Isn't it an act of discretionary abuse when a chief denied an individual the right to carry based on Awol status in the National Guard? And by the way, this soldier is now serving in the reserve. Never once been to jail, no DUI, never been confined to a mental institution, just none of the reasons that would normally prevent someone from obtaining an LTC. He carried for work as an armed security officer for years.
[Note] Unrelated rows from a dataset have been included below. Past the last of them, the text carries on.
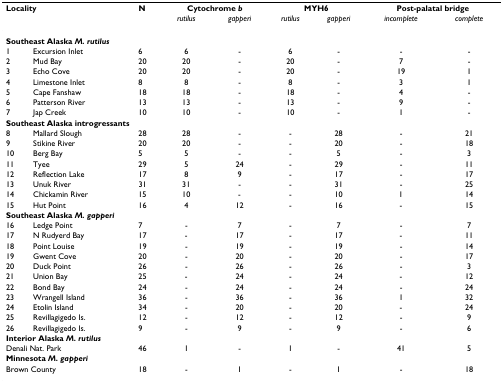
<table><thead><tr><td colspan="2"><b>Locality</b></td><td><b>N</b></td><td colspan="2"><b>Cytochrome <i>b</i></b></td><td colspan="2"><b>MYH6</b></td><td colspan="2"><b>Post-palatal bridge</b></td></tr><tr><td></td><td></td><td></td><td><b><i>rutilus</i></b></td><td><b><i>gapperi</i></b></td><td><b><i>rutilus</i></b></td><td><b><i>gapperi</i></b></td><td><b><i>incomplete</i></b></td><td><b><i>complete</i></b></td></tr></thead><tbody><tr><td colspan="9"><b>Southeast Alaska <i>M. rutilus</i></b></td></tr><tr><td>1</td><td>Excursion Inlet</td><td>6</td><td>6</td><td>-</td><td>6</td><td>-</td><td>-</td><td>-</td></tr><tr><td>2</td><td>Mud Bay</td><td>20</td><td>20</td><td>-</td><td>20</td><td>-</td><td>7</td><td>-</td></tr><tr><td>3</td><td>Echo Cove</td><td>20</td><td>20</td><td>-</td><td>20</td><td>-</td><td>19</td><td>1</td></tr><tr><td>4</td><td>Limestone Inlet</td><td>8</td><td>8</td><td>-</td><td>8</td><td>-</td><td>3</td><td>1</td></tr><tr><td>5</td><td>Cape Fanshaw</td><td>18</td><td>18</td><td>-</td><td>18</td><td>-</td><td>4</td><td>-</td></tr><tr><td>6</td><td>Patterson River</td><td>13</td><td>13</td><td>-</td><td>13</td><td>-</td><td>9</td><td>-</td></tr><tr><td>7</td><td>Jap Creek</td><td>10</td><td>10</td><td>-</td><td>10</td><td>-</td><td>1</td><td>-</td></tr><tr><td colspan="9"><b>Southeast Alaska introgressants</b></td></tr><tr><td>8</td><td>Mallard Slough</td><td>28</td><td>28</td><td>-</td><td>-</td><td>28</td><td>-</td><td>21</td></tr><tr><td>9</td><td>Stikine River</td><td>20</td><td>20</td><td>-</td><td>-</td><td>20</td><td>-</td><td>18</td></tr><tr><td>10</td><td>Berg Bay</td><td>5</td><td>5</td><td>-</td><td>-</td><td>5</td><td>-</td><td>3</td></tr><tr><td>11</td><td>Tyee</td><td>29</td><td>5</td><td>24</td><td>-</td><td>29</td><td>-</td><td>11</td></tr><tr><td>12</td><td>Reflection Lake</td><td>17</td><td>8</td><td>9</td><td>-</td><td>17</td><td>-</td><td>17</td></tr><tr><td>13</td><td>Unuk River</td><td>31</td><td>31</td><td>-</td><td>-</td><td>31</td><td>-</td><td>25</td></tr><tr><td>14</td><td>Chickamin River</td><td>15</td><td>10</td><td>-</td><td>-</td><td>10</td><td>1</td><td>14</td></tr><tr><td>15</td><td>Hut Point</td><td>16</td><td>4</td><td>12</td><td>-</td><td>16</td><td>-</td><td>15</td></tr><tr><td colspan="9"><b>Southeast Alaska <i>M. gapperi</i></b></td></tr><tr><td>16</td><td>Ledge Point</td><td>7</td><td>-</td><td>7</td><td>-</td><td>7</td><td>-</td><td>7</td></tr><tr><td>17</td><td>N Rudyerd Bay</td><td>17</td><td>-</td><td>17</td><td>-</td><td>17</td><td>-</td><td>11</td></tr><tr><td>18</td><td>Point Louise</td><td>19</td><td>-</td><td>19</td><td>-</td><td>19</td><td>-</td><td>14</td></tr><tr><td>19</td><td>Gwent Cove</td><td>20</td><td>-</td><td>20</td><td>-</td><td>20</td><td>-</td><td>17</td></tr><tr><td>20</td><td>Duck Point</td><td>26</td><td>-</td><td>26</td><td>-</td><td>26</td><td>-</td><td>3</td></tr><tr><td>21</td><td>Union Bay</td><td>25</td><td>-</td><td>24</td><td>-</td><td>24</td><td>-</td><td>12</td></tr><tr><td>22</td><td>Bond Bay</td><td>24</td><td>-</td><td>24</td><td>-</td><td>24</td><td>-</td><td>24</td></tr><tr><td>23</td><td>Wrangell Island</td><td>36</td><td>-</td><td>36</td><td>-</td><td>36</td><td>1</td><td>32</td></tr><tr><td>24</td><td>Etolin Island</td><td>34</td><td>-</td><td>20</td><td>-</td><td>20</td><td>-</td><td>24</td></tr><tr><td>25</td><td>Revillagigedo Is.</td><td>12</td><td>-</td><td>12</td><td>-</td><td>12</td><td>-</td><td>9</td></tr><tr><td>26</td><td>Revillagigedo Is.</td><td>9</td><td>-</td><td>9</td><td>-</td><td>9</td><td>-</td><td>6</td></tr><tr><td colspan="9"><b>Interior Alaska <i>M. rutilus</i></b></td></tr><tr><td colspan="2">Denali Nat. Park</td><td>46</td><td>1</td><td>-</td><td>1</td><td>-</td><td>41</td><td>5</td></tr><tr><td colspan="9"><b>Minnesota <i>M. gapperi</i></b></td></tr><tr><td colspan="2">Brown County</td><td>18</td><td>-</td><td>1</td><td>-</td><td>1</td><td>-</td><td>18</td></tr></tbody></table>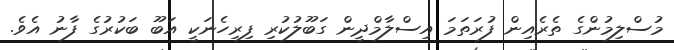
މުސްލިމުންގެ ތެރެއިން ފުރަތަމަ އިސްލާމްދީން ގަބޫލުކުރި ފިރިހެނަކީ އަބޫ ބަކުރުގެ ފާނު އެވެ.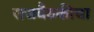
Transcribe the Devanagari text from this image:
राजबैठकीचा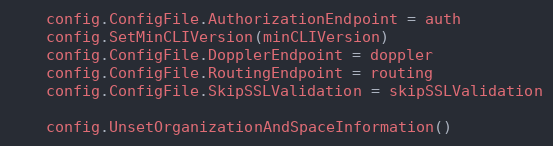
Language: Go
	config.ConfigFile.AuthorizationEndpoint = auth
	config.SetMinCLIVersion(minCLIVersion)
	config.ConfigFile.DopplerEndpoint = doppler
	config.ConfigFile.RoutingEndpoint = routing
	config.ConfigFile.SkipSSLValidation = skipSSLValidation

	config.UnsetOrganizationAndSpaceInformation()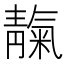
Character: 靝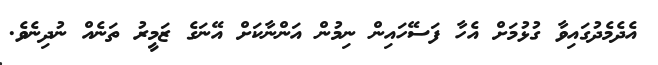
އެދެމެދުގައިވާ ގުޅުމަށް އެހާ ފަސޭހައިން ނިމުން އަންނާކަށް އޭނަގެ ޒަމީރު ތަނެއް ނުދިނެވެ.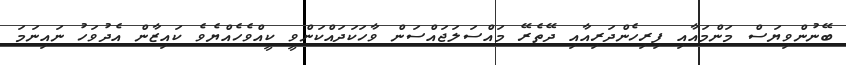
ބޭނުންވިޔަސް މަންމައާއި ފިރިހެންދަރިއާއި ދޭތެރޭ މައްސަލަޖައްސަން ވާހަކަދައްކަންވީ ކީއްވެހެއްޔެވެ ކައިޒާން އެދުވަހު ނައިނަމަ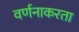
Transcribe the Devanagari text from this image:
वर्णनाकरता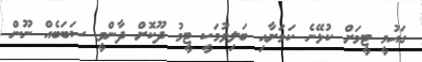
ގައުމީ ޓީމަށް ކުޅޭނެ ކަމަށާއި ބަލިވުމަކީ ޓީމު ދޫކޮށް ދާންވީ ސަބަބެއް ނޫން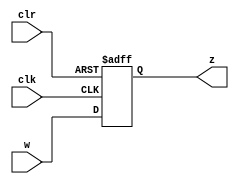
module D_flip_flop(input w,clk,clr,output reg z);
always@(negedge clr,posedge clk)
if(!clr)
  z<=0;
else
  z<=w;
endmodule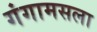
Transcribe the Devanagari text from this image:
गंगामसला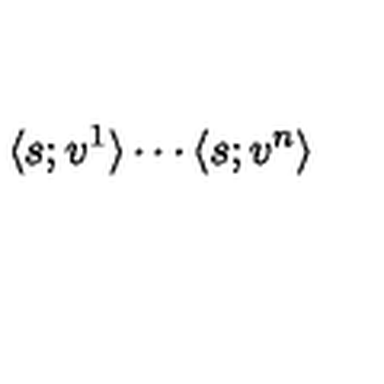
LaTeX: \langle s ; v ^ { 1 } \rangle \cdots \langle s ; v ^ { n } \rangle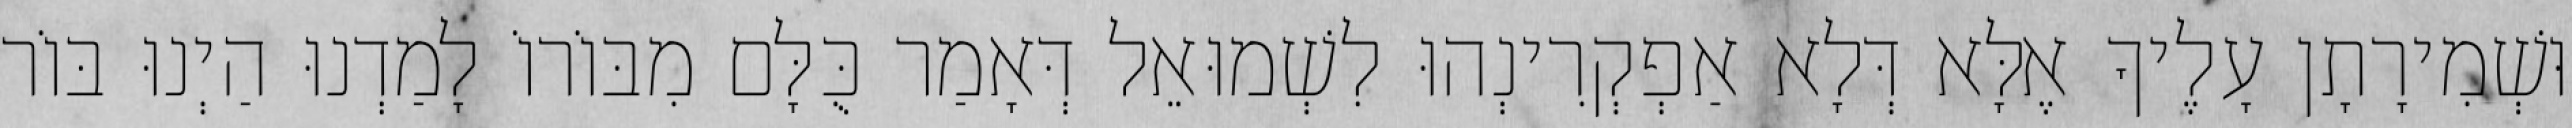
וּשְׁמִירָתָן עָלֶיךָ אֶלָּא דְּלָא אַפְקְרִינְהוּ לִשְׁמוּאֵל דְּאָמַר כֻּלָּם מִבּוֹרוֹ לָמַדְנוּ הַיְנוּ בּוֹר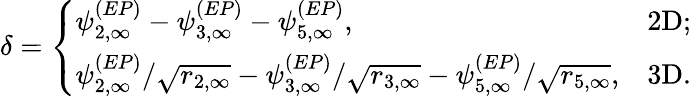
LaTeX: \delta=\left\{ \begin{array}{ll}{\psi_{2,\infty}^{(EP)}-\psi_{3,\infty}^{(EP)}-\psi_{5,\infty}^{(EP)},}&{\mathrm{2D};}\\ {\psi_{2,\infty}^{(EP)}/\sqrt{r_{2,\infty}}-\psi_{3,\infty}^{(EP)}/\sqrt{r_{3,\infty}}-\psi_{5,\infty}^{(EP)}/\sqrt{r_{5,\infty}},}&{\mathrm{3D}.}\end{array}\right.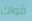
قواك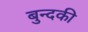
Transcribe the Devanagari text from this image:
बुन्दकी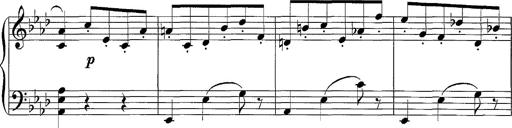
Title: LÃ¤ndler in A flat major
Composer: Franz Liszt
Key: A-flat major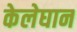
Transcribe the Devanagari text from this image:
केलेघान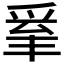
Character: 𤔒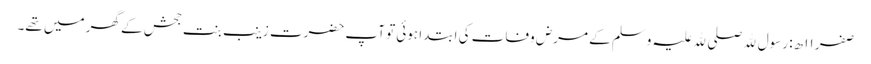
صفر ۱۱ ھ: رسول ﷲ صلی ﷲ علیہ وسلم کے مرض وفات کی ابتدا ہوئی تو آپ حضرت زینب بنت جحش کے گھر میں تھے۔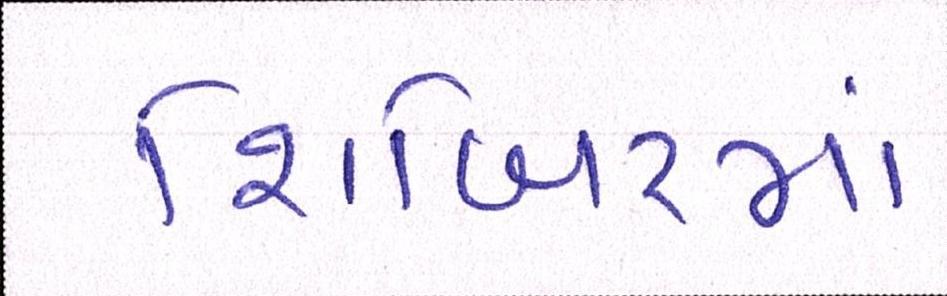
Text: શિબિરમાં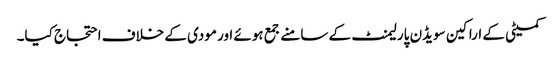
کمیٹی کے اراکین سویڈن پارلیمنٹ کے سامنے جمع ہوئے اور مودی کے خلاف احتجاج کیا۔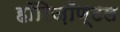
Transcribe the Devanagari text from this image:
हॉरिज़ॉण्टल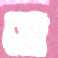
ঘে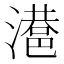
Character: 𣿑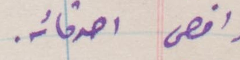
واقصى أصدقائه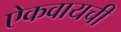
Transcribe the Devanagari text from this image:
ऐकवायची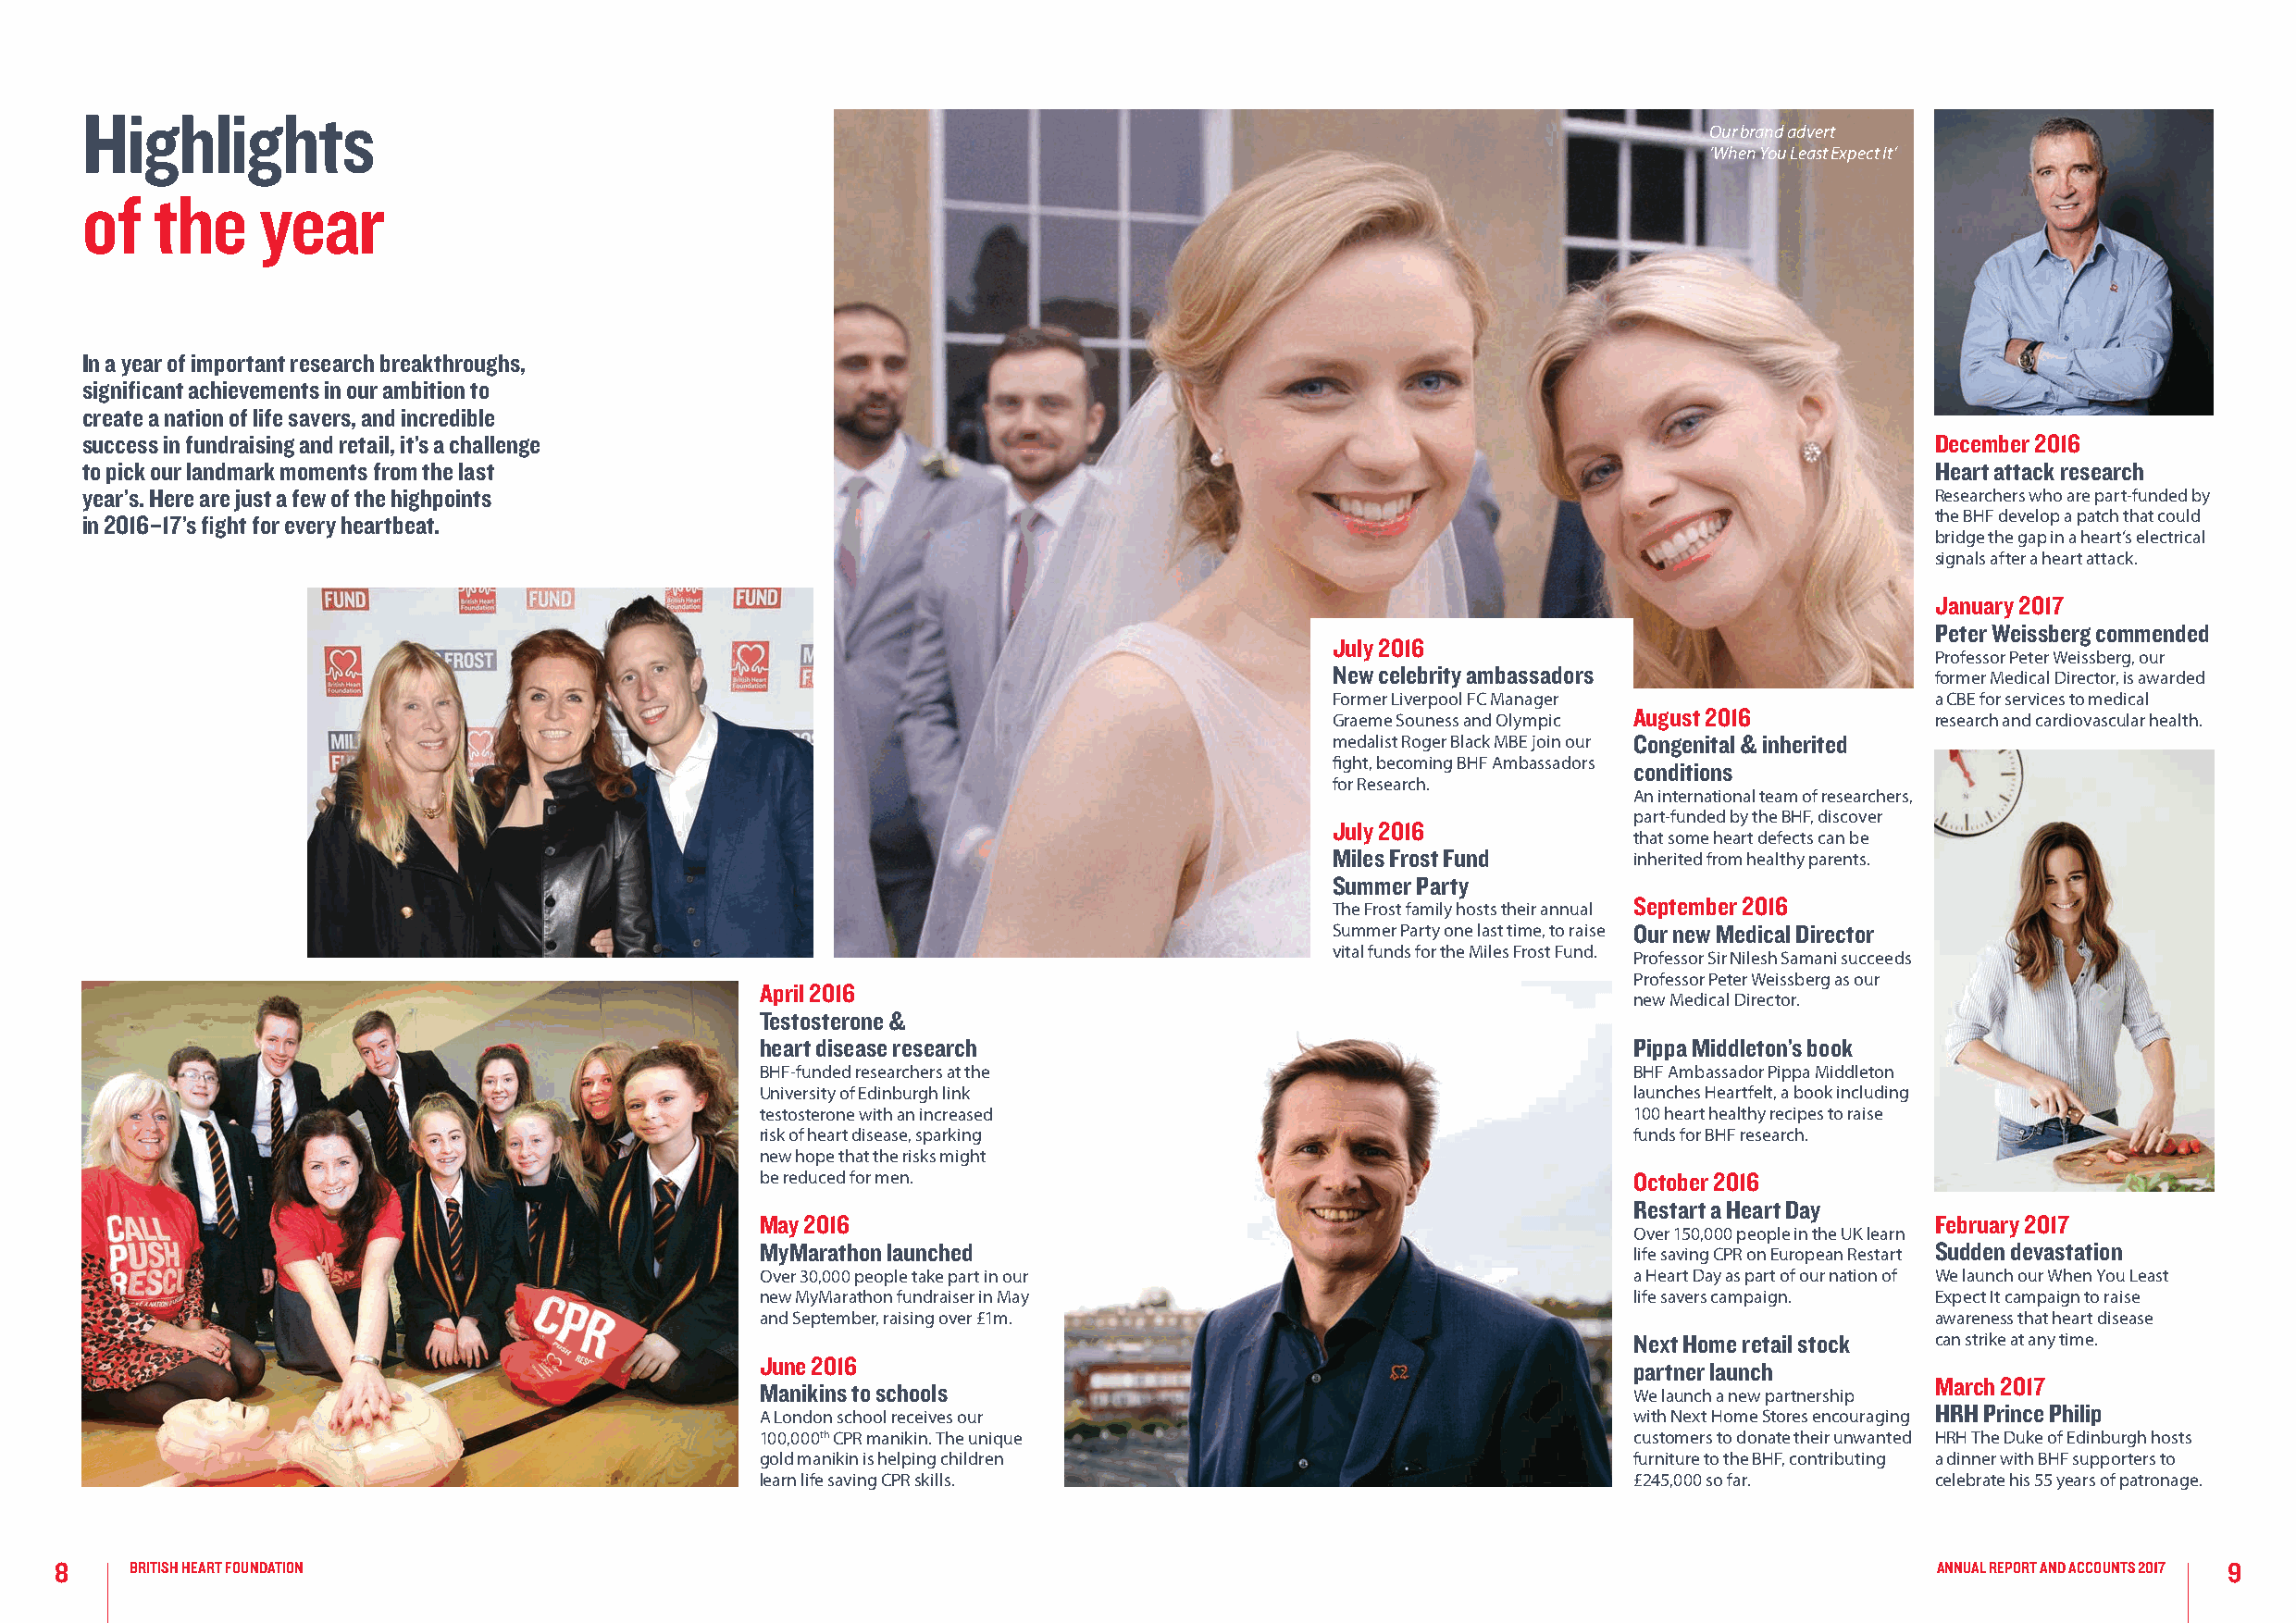
Highlights
 Our brand advert
 ‘When You Least Expect It’
 of   the     year
 In a year of important research breakthroughs,
 significant achievements in our ambition to
 create a nation of life savers, and incredible
 success in fundraising and retail, it’s a challenge                                                                                 December 2016
 to pick our landmark moments from the last                                                                                          Heart attack research
 year’s. Here are just a few of the highpoints                                                                                       Researchers who are part-funded by
 the BHF develop a patch that could
 in 2016–17’s fight for every heartbeat.
 bridge the gap in a heart’s electrical
 signals after a heart attack.
 January 2017
 Peter Weissberg commended
 July 2016
 Professor Peter Weissberg, our
 New celebrity ambassadors
 former Medical Director, is awarded
 Former Liverpool FC Manager                a CBE for services to medical
 August 2016
 Graeme Souness and Olympic                 research and cardiovascular health.
 medalist Roger Black MBE join our Congenital & inherited
 fight, becoming BHF Ambassadors conditions
 for Research.
 An international team of researchers,
 part-funded by the BHF, discover
 July 2016
 that some heart defects can be
 Miles Frost Fund      inherited from healthy parents.
 Summer Party
 September 2016
 The Frost family hosts their annual
 Summer Party one last time, to raise Our new Medical Director
 vital funds for the Miles Frost Fund. Professor Sir Nilesh Samani succeeds
 Professor Peter Weissberg as our
 April 2016
 new Medical Director.
 Testosterone &
 heart disease research                                         Pippa Middleton’s book
 BHF-funded researchers at the                                  BHF Ambassador Pippa Middleton
 University of Edinburgh link                                   launches Heartfelt, a book including
 testosterone with an increased                                 100 heart healthy recipes to raise
 risk of heart disease, sparking                                funds for BHF research.
 new hope that the risks might
 be reduced for men.                                            October 2016
 Restart a Heart Day
 May 2016                                                                            February 2017
 Over 150,000 people in the UK learn
 MyMarathon launched                                                                 Sudden devastation
 life saving CPR on European Restart
 Over 30,000 people take part in our                            a Heart Day as part of our nation of We launch our When You Least
 new MyMarathon fundraiser in May                               life savers campaign. Expect It campaign to raise
 and September, raising over £1m.                                                    awareness that heart disease
 Next Home retail stock can strike at any time.
 June 2016                                                      partner launch
 March 2017
 Manikins to schools
 We launch a new partnership
 HRH Prince Philip
 A London school receives our                                   with Next Home Stores encouraging
 100,000th CPR manikin. The unique                              customers to donate their unwanted HRH The Duke of Edinburgh hosts
 gold manikin is helping children                               furniture to the BHF, contributing a dinner with BHF supporters to
 learn life saving CPR skills.                                  £245,000 so far.     celebrate his 55 years of patronage.
 8    BRITISH HEART FOUNDATION                                                                                                          ANNUAL REPORT AND ACCOUNTS 2017 9

His commitment to care for himself and family has always been a top priority. could this be a political or just vague decisions that don't bear the real understanding of an individual right?


----------



## Goose (Dec 1, 2004)

The unfortunate reality is that some Chiefs can and will be dicks when there is any reason whatsoever to deny a LTC. The issue as I see it is that they are allowed to, and they are not protected under the MGL from a civil claim for issuance based on good faith so many of them will tuck their tail beneath their legs and deny or restrict a LTC.

If this individual is still working as an armed security officer, you should have "them" get a letter from their employer stating such. Otherwise I would have "them" call the Chief so they can sit down and explain their situation and what they have to say and see what the Chief's position is. If all that fails, it can be a costly proposal but you do have the option of getting an attorney and appealing the denial to the court. Good luck.

PS - Nobody here likes the MA firearms laws any more than you do...trust me on that one.


----------



## pahapoika (Nov 5, 2006)

it will only get worse with this latest bill


----------



## Cloverleaf Firearms Group (Jun 9, 2014)

pahapoika said:


> it will only get worse with this latest bill


I'm still digesting it, but the revision appears to put the burden on chief to outline a public safety issue for a denial. ..

Don't quote me on that yet.


----------



## Johnny Law (Aug 8, 2008)

Cloverleaf Firearms Group said:


> I'm still digesting it, but the revision appears to put the burden on chief to outline a public safety issue for a denial. ..
> 
> Don't quote me on that yet.


Nope, you are 100% right on that.


----------